To reduce the cost of execution while meeting the deadline constraints is one of the important considerable factors in hybrid clouds. A data-aware scheduling methodology is proposed in Nadjaran et al.³⁵ to support deadline requirements of data-intensive applications. Data intensive is one of the applications which is used to analyze a large number of datasets. The proposed method takes into account the data locality, transfer time, and network bandwidth and then checks if current private cloud resources are enough to complete the task within a specific time interval. It calculates the extra resources required to execute tasks within deadlines. The remaining time in meeting the deadlines is first calculated, and then the remaining number of needed resources is computed. The remaining tasks are scheduled on dynamic resources. The proposed algorithm executes data-intensive independent tasks within strict deadlines while minimizing total execution cost and the total number of required resources. Figure 13 shows the working of the proposed data-aware scheduling methodology.

Figure 13.

Overview of the data-aware resource allocation scheme.

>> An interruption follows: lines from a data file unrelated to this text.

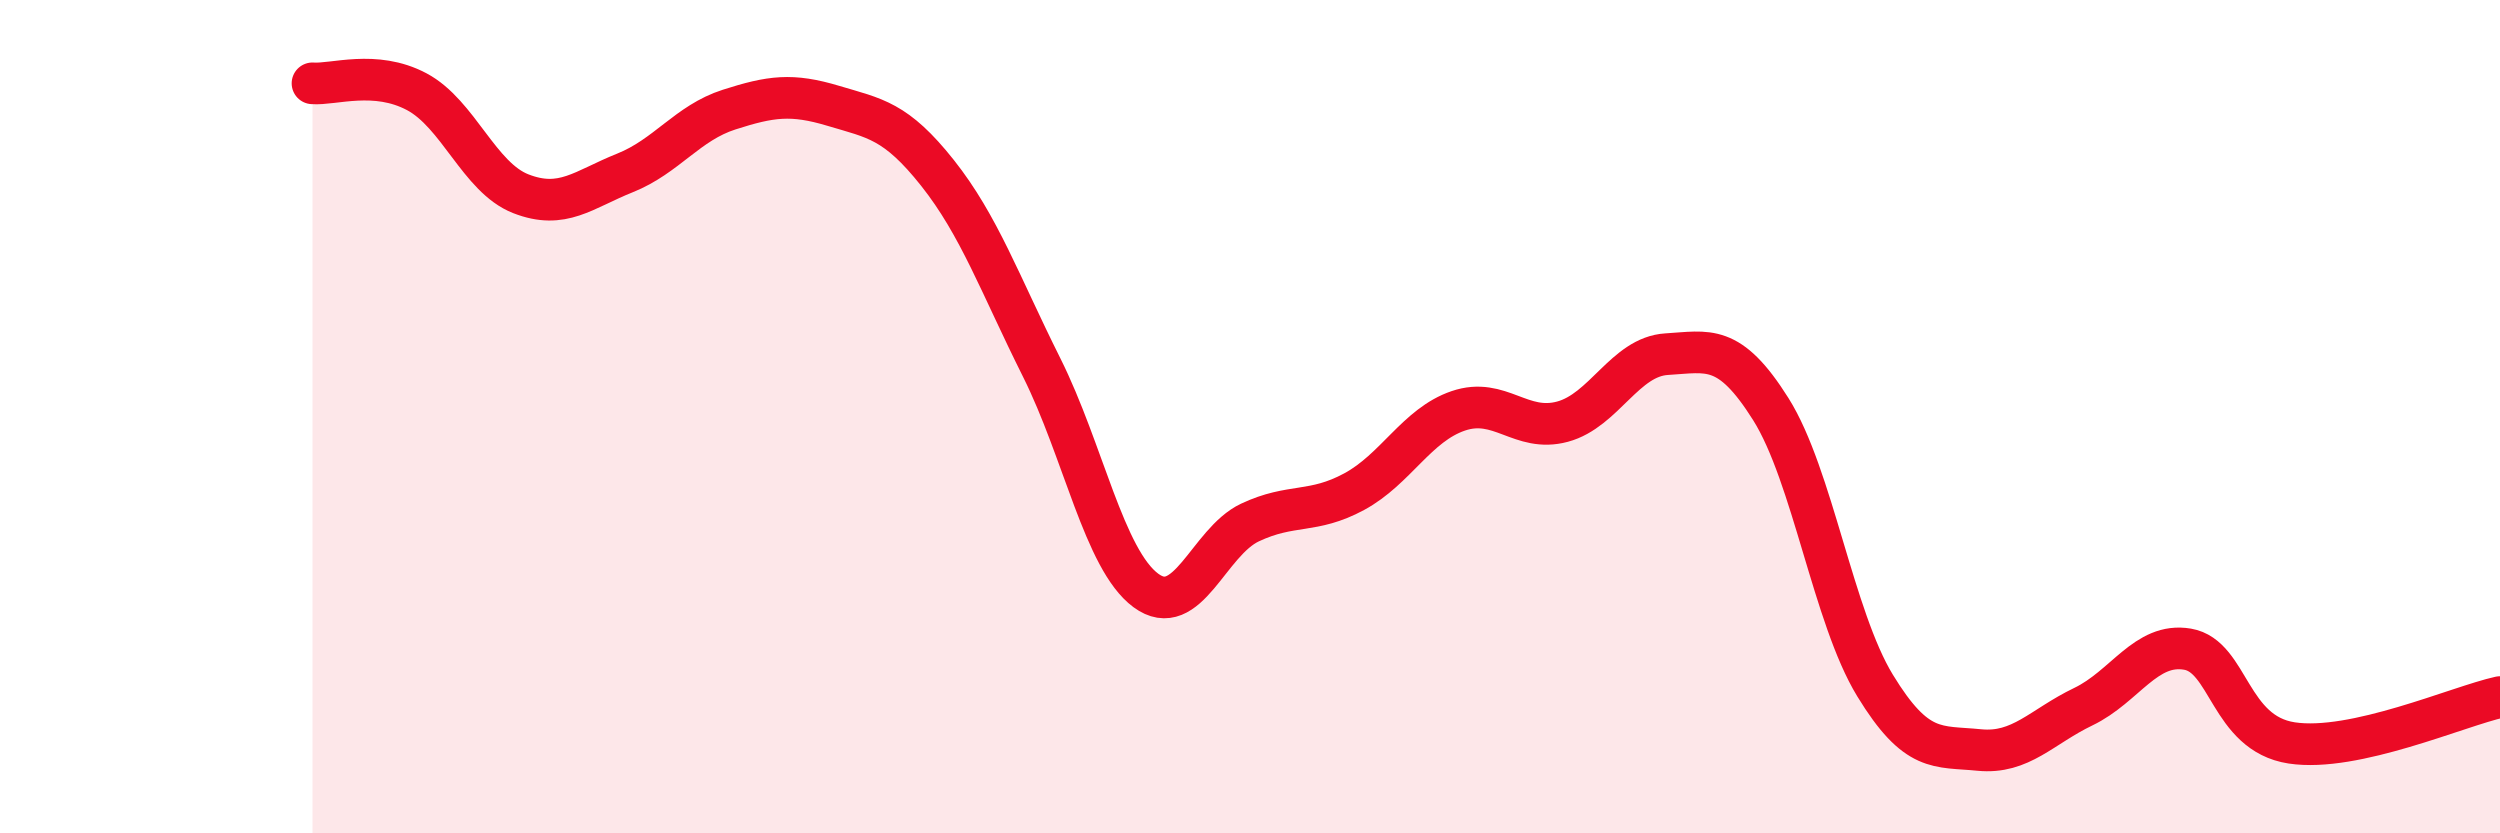 
    <svg width="60" height="20" viewBox="0 0 60 20" xmlns="http://www.w3.org/2000/svg">
      <path
        d="M 7.5,2 C 8,2.04 9,1.67 10,2.2 C 11,2.73 11.5,4.26 12.5,4.65 C 13.5,5.04 14,4.55 15,4.15 C 16,3.75 16.5,2.95 17.5,2.63 C 18.5,2.31 19,2.24 20,2.54 C 21,2.84 21.5,2.89 22.5,4.15 C 23.5,5.41 24,6.82 25,8.82 C 26,10.82 26.5,13.43 27.5,14.17 C 28.5,14.91 29,13.01 30,12.54 C 31,12.07 31.5,12.34 32.5,11.8 C 33.5,11.26 34,10.2 35,9.86 C 36,9.52 36.5,10.39 37.5,10.12 C 38.5,9.85 39,8.56 40,8.5 C 41,8.44 41.5,8.23 42.5,9.82 C 43.5,11.41 44,14.81 45,16.45 C 46,18.09 46.5,17.9 47.5,18 C 48.5,18.1 49,17.44 50,16.96 C 51,16.48 51.5,15.41 52.5,15.58 C 53.5,15.75 53.5,17.6 55,17.83 C 56.5,18.06 59,16.95 60,16.73L60 20L7.5 20Z"
        fill="#EB0A25"
        opacity="0.1"
        stroke-linecap="round"
        stroke-linejoin="round"
      />
      <path
        d="M 7.5,2 C 8,2.04 9,1.67 10,2.2 C 11,2.73 11.5,4.26 12.5,4.65 C 13.5,5.04 14,4.55 15,4.15 C 16,3.75 16.5,2.95 17.5,2.63 C 18.5,2.31 19,2.24 20,2.54 C 21,2.84 21.5,2.89 22.5,4.15 C 23.5,5.41 24,6.82 25,8.82 C 26,10.82 26.5,13.43 27.5,14.17 C 28.5,14.91 29,13.01 30,12.54 C 31,12.07 31.5,12.34 32.5,11.8 C 33.5,11.26 34,10.2 35,9.86 C 36,9.52 36.5,10.39 37.5,10.12 C 38.5,9.85 39,8.56 40,8.5 C 41,8.44 41.5,8.23 42.5,9.82 C 43.5,11.41 44,14.81 45,16.45 C 46,18.09 46.5,17.9 47.5,18 C 48.5,18.1 49,17.44 50,16.96 C 51,16.48 51.5,15.41 52.5,15.58 C 53.5,15.75 53.5,17.6 55,17.83 C 56.5,18.06 59,16.95 60,16.73"
        stroke="#EB0A25"
        stroke-width="1"
        fill="none"
        stroke-linecap="round"
        stroke-linejoin="round"
      />
    </svg>
  
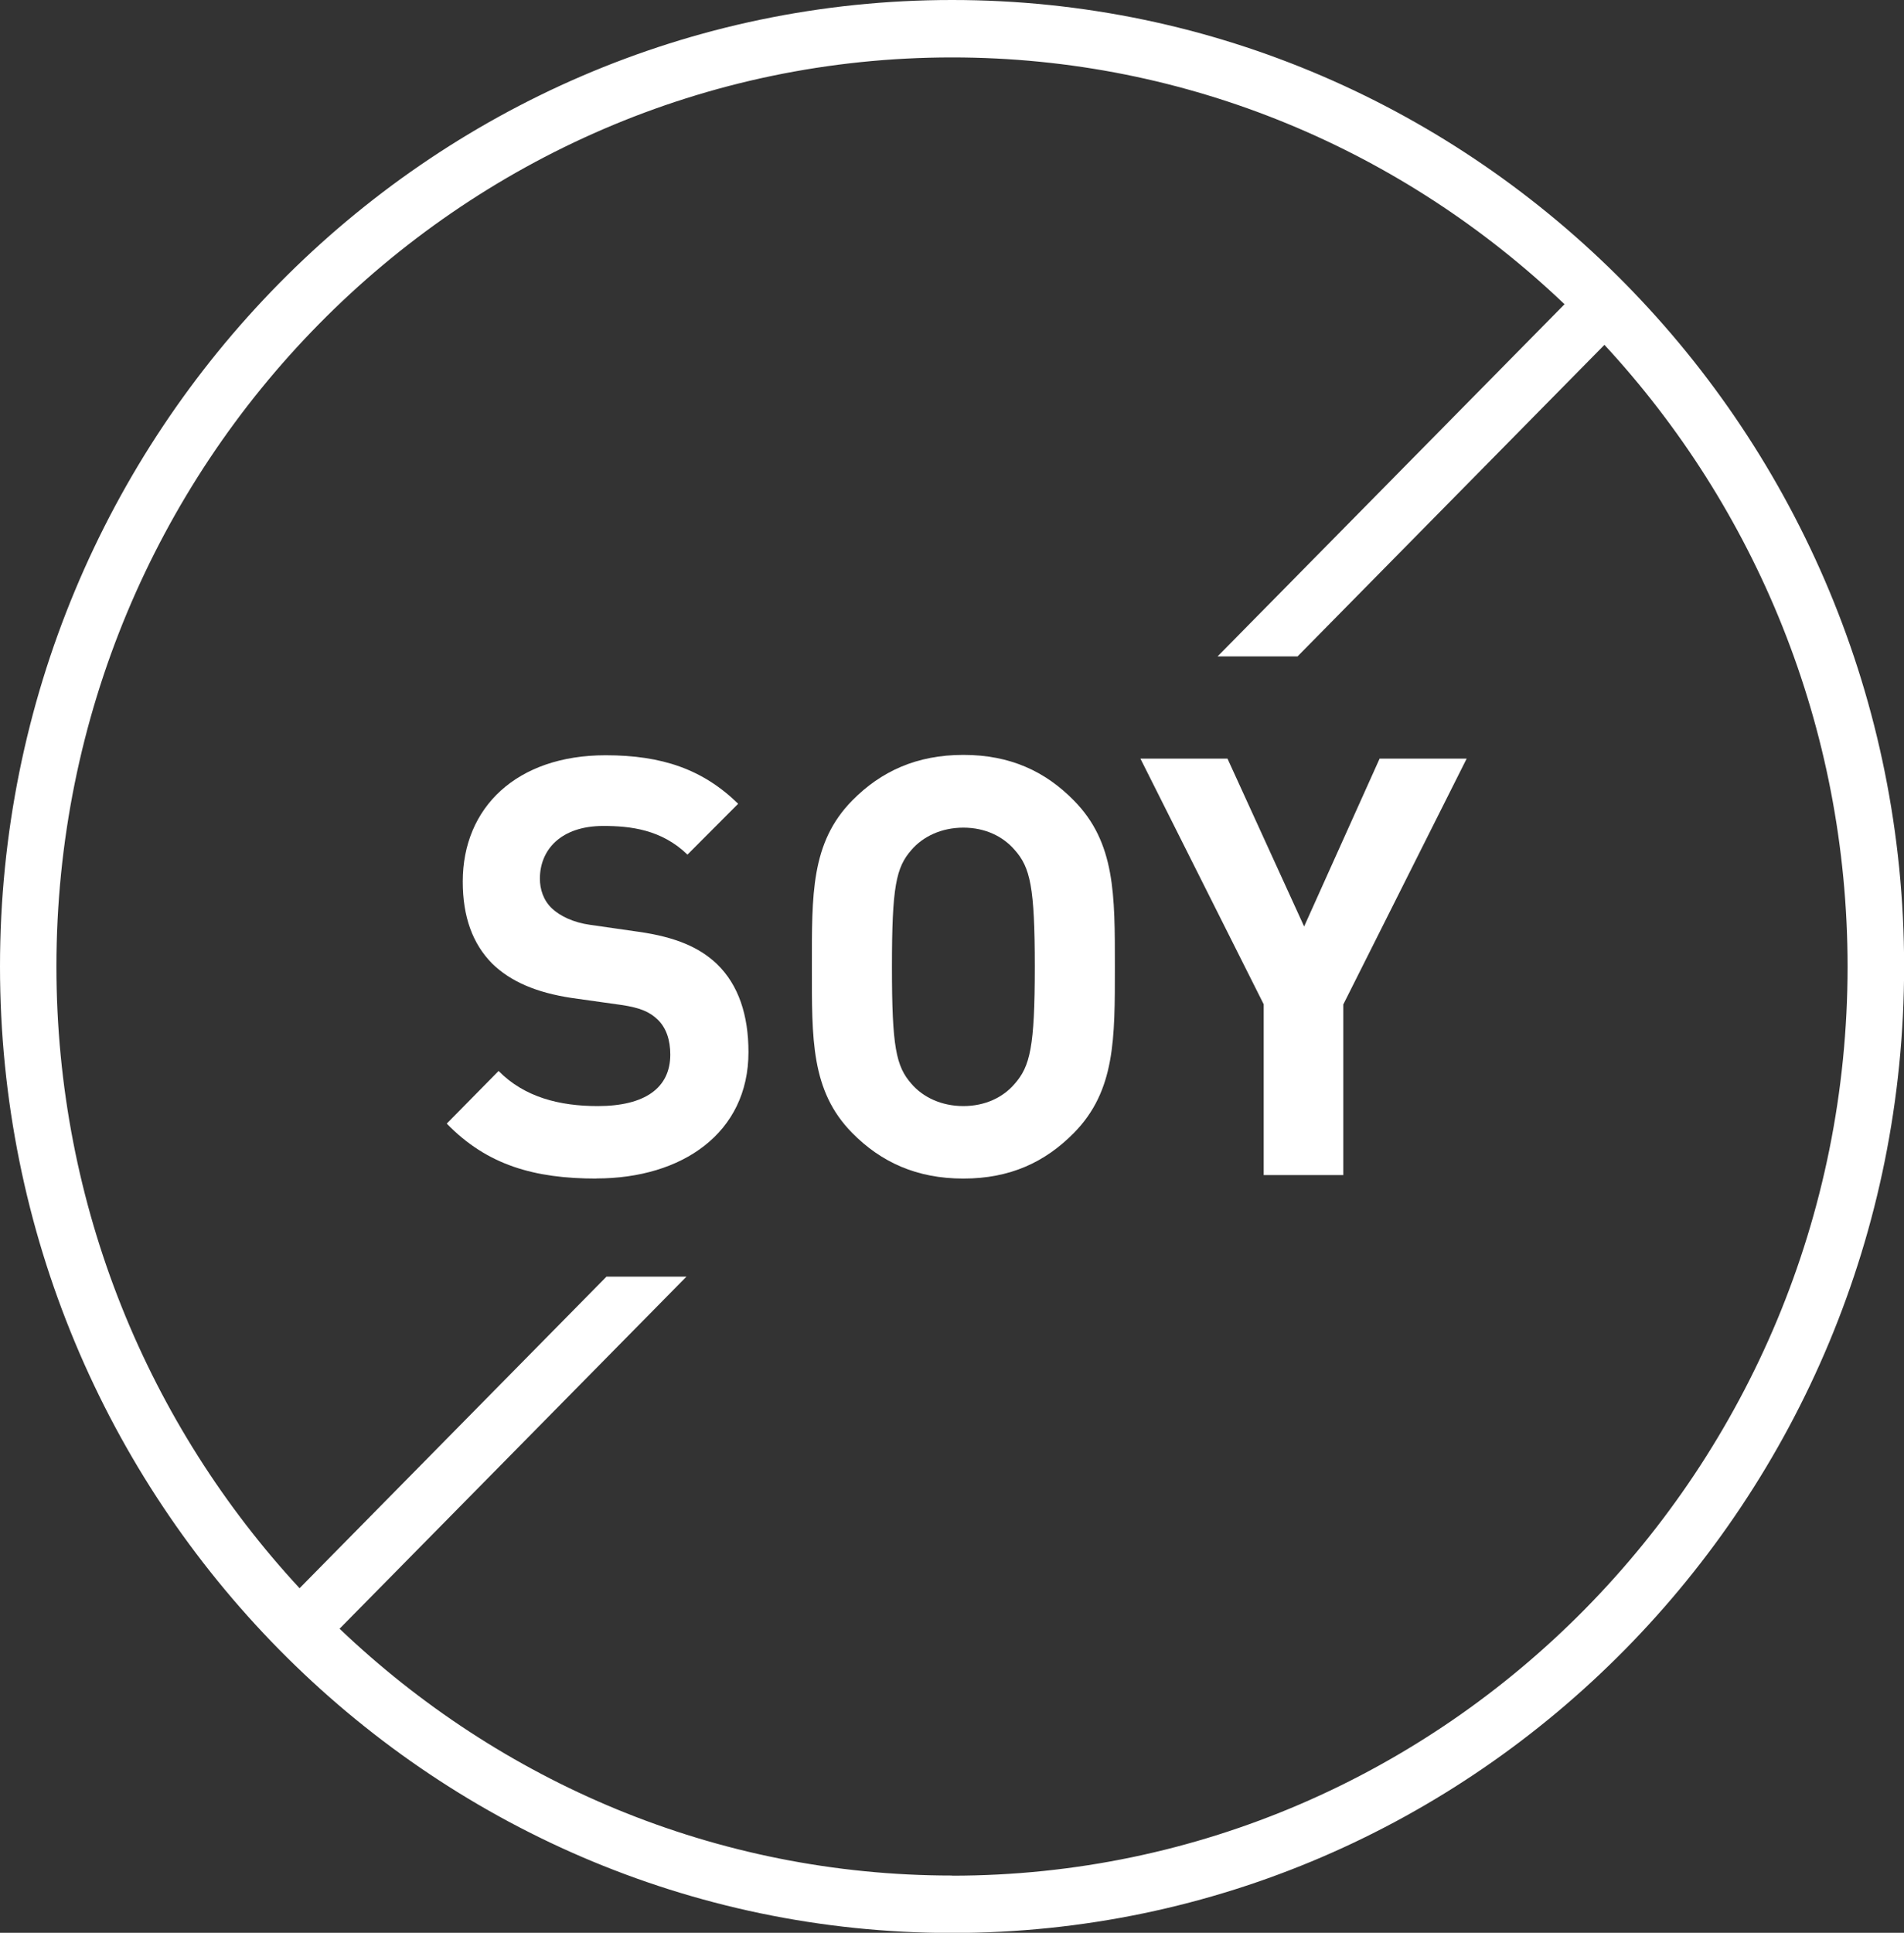 <svg width="68" height="69" viewBox="0 0 68 69" fill="none" xmlns="http://www.w3.org/2000/svg">
<rect x="0" y="0" width="68" height="69" fill="#333333" stroke="none"/>
<g clip-path="url(#clip0_1029_1621)">
<path d="M34.002 0C15.251 0 0 15.476 0 34.502C0 53.529 15.251 69.005 34.002 69.005C52.753 69.005 68.004 53.529 68.004 34.502C68.004 15.476 52.749 0 34.002 0ZM34.002 66.955C25.546 66.955 17.852 63.602 12.128 58.144L24.516 45.575H21.66L10.699 56.698C5.32 50.89 2.015 43.083 2.015 34.502C2.02 16.604 16.363 2.05 34.002 2.05C42.459 2.05 50.152 5.403 55.876 10.861L43.484 23.434H46.34L57.301 12.311C62.68 18.119 65.985 25.926 65.985 34.507C65.985 52.401 51.637 66.96 34.002 66.96V66.955Z" fill="white"/>
<path d="M21.306 42.074C19.082 42.074 17.398 41.595 15.955 40.112L17.807 38.233C18.733 39.173 19.99 39.486 21.347 39.486C23.036 39.486 23.939 38.836 23.939 37.648C23.939 37.128 23.794 36.69 23.485 36.395C23.199 36.123 22.868 35.976 22.187 35.875L20.417 35.626C19.159 35.437 18.233 35.041 17.575 34.396C16.876 33.687 16.527 32.724 16.527 31.472C16.527 28.819 18.46 26.962 21.629 26.962C23.644 26.962 25.106 27.465 26.363 28.694L24.552 30.509C23.626 29.611 22.514 29.486 21.547 29.486C20.026 29.486 19.282 30.343 19.282 31.366C19.282 31.743 19.404 32.139 19.713 32.43C19.999 32.701 20.476 32.932 21.07 33.015L22.8 33.263C24.139 33.452 24.983 33.825 25.6 34.41C26.381 35.161 26.731 36.248 26.731 37.56C26.731 40.444 24.366 42.07 21.297 42.07L21.306 42.074Z" fill="white"/>
<path d="M38.355 40.444C37.325 41.489 36.072 42.074 34.406 42.074C32.74 42.074 31.465 41.489 30.435 40.444C28.955 38.942 28.996 37.082 28.996 34.511C28.996 31.942 28.955 30.085 30.435 28.579C31.465 27.534 32.74 26.949 34.406 26.949C36.072 26.949 37.33 27.534 38.355 28.579C39.835 30.081 39.817 31.942 39.817 34.511C39.817 37.082 39.835 38.938 38.355 40.444ZM36.236 30.339C35.822 29.86 35.187 29.546 34.406 29.546C33.626 29.546 32.967 29.86 32.554 30.339C32.001 30.965 31.855 31.656 31.855 34.516C31.855 37.376 32.001 38.067 32.554 38.694C32.967 39.173 33.626 39.486 34.406 39.486C35.187 39.486 35.827 39.173 36.236 38.694C36.789 38.067 36.957 37.376 36.957 34.516C36.957 31.656 36.794 30.965 36.236 30.339Z" fill="white"/>
<path d="M47.974 35.852V41.95H45.132V35.852L40.729 27.082H43.839L46.576 33.075L49.272 27.082H52.381L47.978 35.852H47.974Z" fill="white"/>
</g>
<defs>
<clipPath id="clip0_1029_1621">
<rect width="68" height="69" fill="white"/>
</clipPath>
</defs>
</svg>

Earliest finish time duplication approach

Fully utilization of the selected resources is an important factor in cloud task scheduling. Delay in communication between resources degrades overall system performance. To overcome these limitations, Zhaobin Liu et al.⁴⁷ proposed earliest finish time duplication (EFTD) approach to pre-process the cloud resources effectively. Directed acyclic graph (DAG) method is used to improve the utilization of resources. In this method, tasks with the highest priority are assigned to the selected resource for further processing. Three steps are performed to assign resources to specific tasks: calculating earliest start time (EST), earliest finish time (EFT), and task allocation. In this approach, initially EST is calculated to regulate processing unit and an EST value is assigned to processing resource. Then, the EFT is calculated to choose processing unit and assign it smallest EFT value. Finally, the results of both times (EST and EFT) from ready tasks are compared. The high priority task is assigned to that resource whose both times are same. The next task with lower priority which has both times different is chosen from the ready queue.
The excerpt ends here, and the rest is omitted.